Scaling Laws

TL;DR

Scaling laws describe how model quality improves with three inputs: model size (parameters), dataset size (tokens), and compute (FLOPs). The Chinchilla law (DeepMind 2022) showed you need roughly 20 tokens per parameter for compute-optimal training. In 2026, over-training is the norm and test-time compute is a new scaling dimension Huyen did not cover.

The historical problem

Before 2020, "bigger is better" was the dominant ML belief. But nobody had a formula for how much data you need for a given model size. Teams either:

Trained huge models on too little data (wasted compute, undertrained)
Trained small models on too much data (wasted compute, diminishing returns)

OpenAI's scaling laws paper (Kaplan et al., 2020) gave the first formalization.

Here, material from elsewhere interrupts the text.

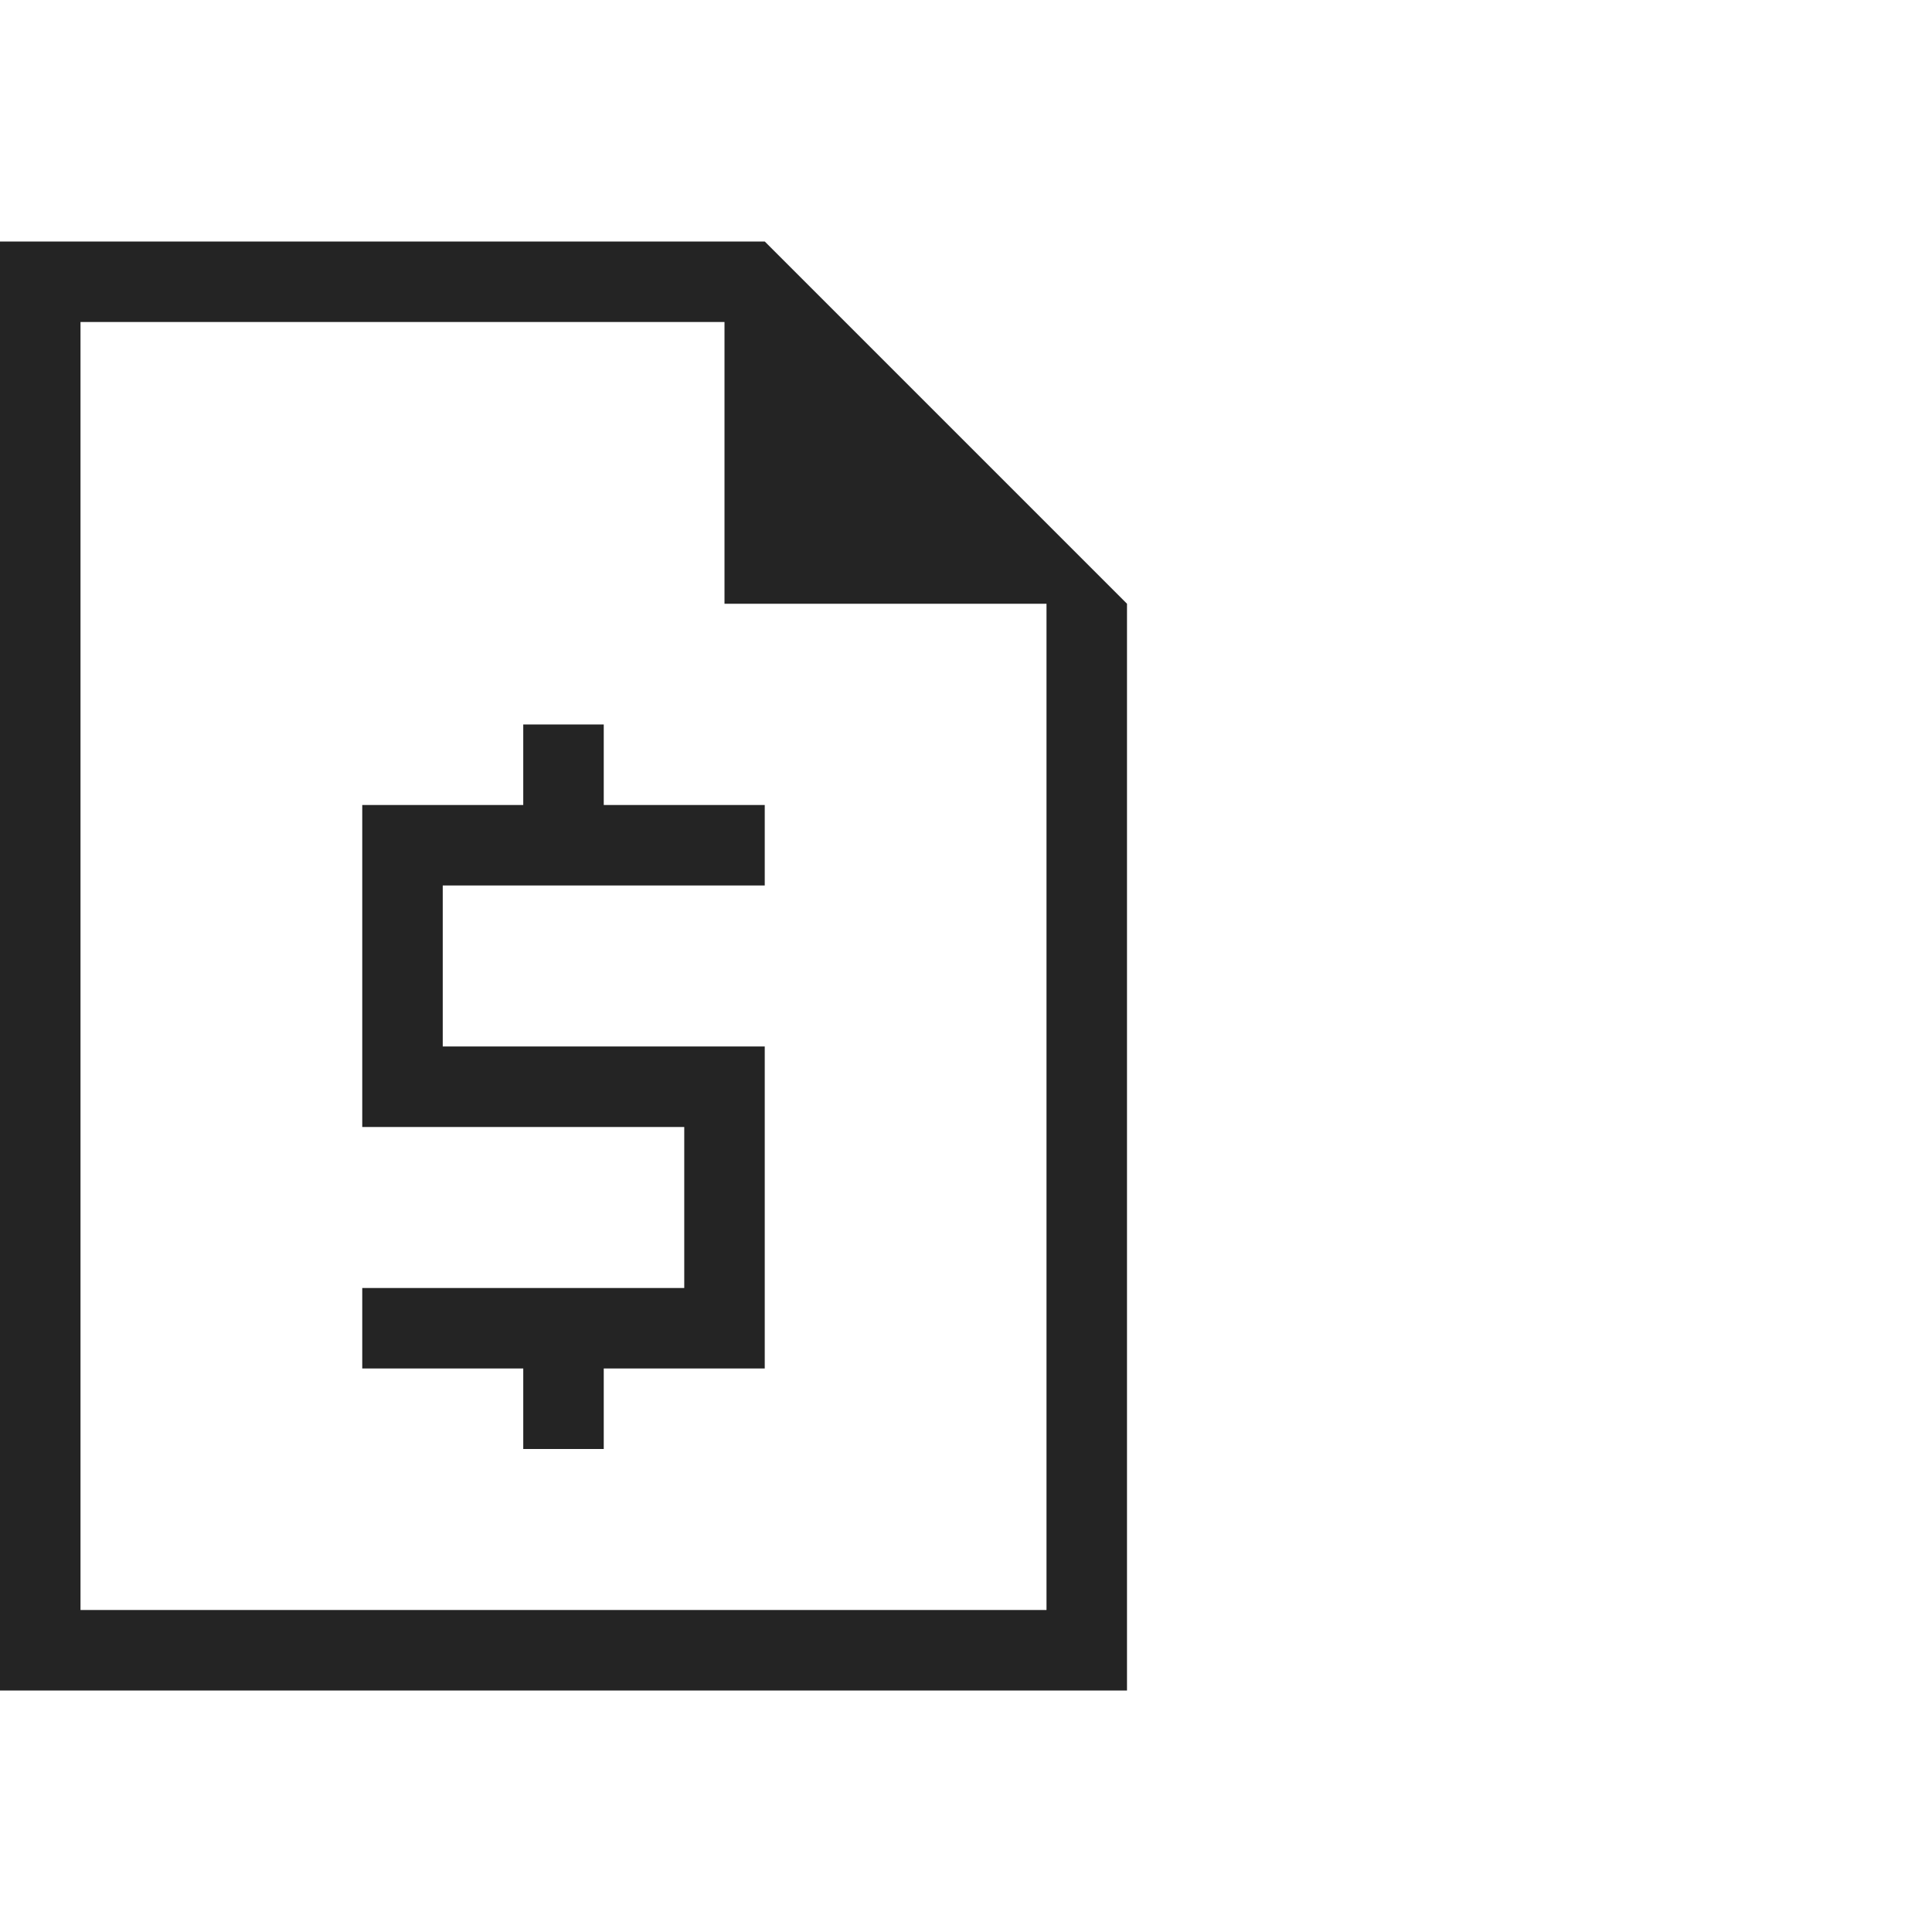 <svg xmlns="http://www.w3.org/2000/svg" width="48" height="48" viewBox="0 0 48 48">
  <title>Document Dollar</title>
  <path fill="#242424" d="M0 42V6h19l9 9v27H0Zm2-27V8v32-25Zm11 21v-2H9v-2h8v-4H9v-8h4v-2h2v2h4v2h-8v4h8v8h-4v2h-2Zm5-21V8H2v32h24V15h-8Z"/>
</svg>

DeepMind's Chinchilla paper (2022) corrected it and is still the reference today.

Without scaling laws, a team with a $10M compute budget has no idea what model size to aim for. The laws turn compute budgeting from alchemy into math.

How it works

The three scale levers

Every foundation model has three numbers that describe its scale:

Lever	Proxy for	Example (GPT-3)
Parameters (N)	Learning capacity	175B
Training tokens (D)	How much the model learned	300B
Compute (FLOPs)	Training cost	3.14 x 10^23 FLOPs

Parameters vs tokens vs compute

These are NOT independent:

More parameters need more tokens or they overfit
More tokens need more compute to process
Compute ties them together: FLOPs ~ 6 x N x D for a dense transformer

Chinchilla scaling law (the reference)

DeepMind trained 400 models from 70M to 16B parameters on 5B to 500B tokens. Finding:

For compute-optimal training, number of training tokens should be roughly 20 times the number of parameters.

Examples applied:

7B model -> 140B training tokens
70B model -> 1.4T training tokens (Chinchilla itself)
175B model -> 3.5T training tokens

Every time you double the model size, you should double the training data. Keeps the ratio constant.

Compute economics

Training cost = FLOPs / (FLOP/s of your hardware) / utilization

Real example from Huyen:

GPT-3-175B: 3.14 x 10^23 FLOPs
256 H100 GPUs at 5.2 x 10^18 FLOPs/day each
At 70% utilization: ~236 days of training
At $2/H100/hour: over $4 million just in compute

Inverse scaling (when bigger is worse)

Not always true that bigger is better. Anthropic (2022) showed more alignment training made models LESS aligned with human preference on some axes. The Inverse Scaling Prize (2023) found 11 tasks where bigger models lose, mostly:

Tasks with strong priors (models trust their memorized priors over new input)
Memorization tasks

But these are edge cases. Bigger is better ~99% of the time.

Relevance today (2026)

Huyen's Chinchilla explanation is the textbook baseline. Reality in 2026 has moved:

1. Over-training is now the norm

Chinchilla is compute-optimal for training. But in production, inference cost dominates total lifecycle cost. So teams over-train small models to reduce inference cost later.

Examples (2024-2026):

Llama 3 8B: trained on 15T tokens. Chinchilla ratio would be 160B. That is 94x over-trained.
Phi-4 14B: trained on ~10T tokens of curated + synthetic data. ~70x over-trained.
DeepSeek-V3 37B active / 671B total: trained on 14.8T tokens with MoE architecture.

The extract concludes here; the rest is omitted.